Objective: T-helper (Th)-17 lymphocytes play a crucial role in maintenance and regulation of gut immunity. Our laboratory has demonstrated that acute ethanol (EtOH) exposure before burn injury results in intestinal T cell suppression and enhanced bacterial translocation.
Background: To extend these studies, we examined the effects of EtOH exposure and burn injury on Th17 responses within intestinal lymphoid Peyer's patches (PP). We further investigated whether restitution of interleukin (IL)-23 enhances PP cell IL-17 and IL-22 after EtOH and burn injury.
Methods: Male mice, approximately 25 g, were gavaged with EtOH (2.9 mg/kg) before receiving an approximately 12.5% total body surface area full thickness burn. One day postinjury, PP mixed cells were cultured in the presence of plate-bound anti-CD3/soluble anti-CD28 in the presence or absence of IL-23 for 48 hours. Supernatants were harvested for IL-17 and IL-22 levels.
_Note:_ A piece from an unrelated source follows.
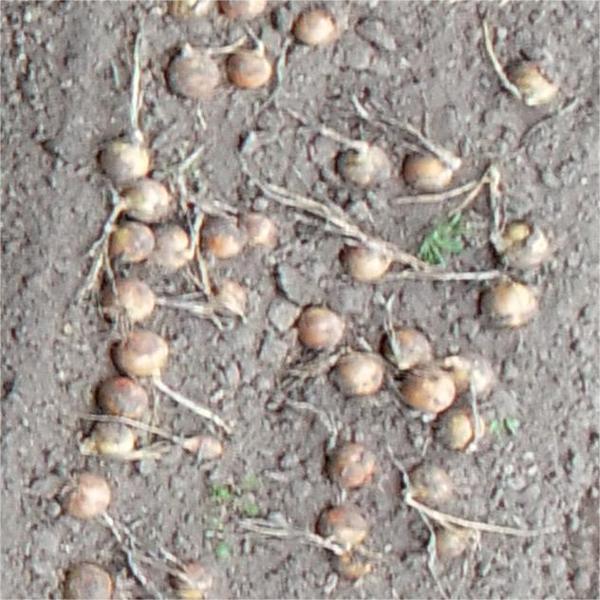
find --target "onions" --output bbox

Results: When combined with EtOH intoxication, burn injury significantly decreased IL-17 and IL-22, as compared with sham injury. IL-23 treatment successfully increased levels of IL-22 but not IL-17. This restoration was prevented when PP cells were treated with CH-223191, an aryl hydrocarbon receptor inhibitor. To further delineate the mechanism of differential IL-17 and IL-22 suppression, PP cells were treated with phorbol 12-myristate 13-acetate (PMA) and ionomycin, which signal via protein kinase C (PKC) and calcium flux. Treatment with PMA and ionomycin significantly prevented the decrease in IL-17 but not IL-22 after EtOH exposure and burn injury.
Conclusions: These findings suggest that IL-23-mediated restoration of IL-22 is aryl hydrocarbon receptor dependent, whereas IL-17 requires activation of protein kinase C and intracellular calcium signaling.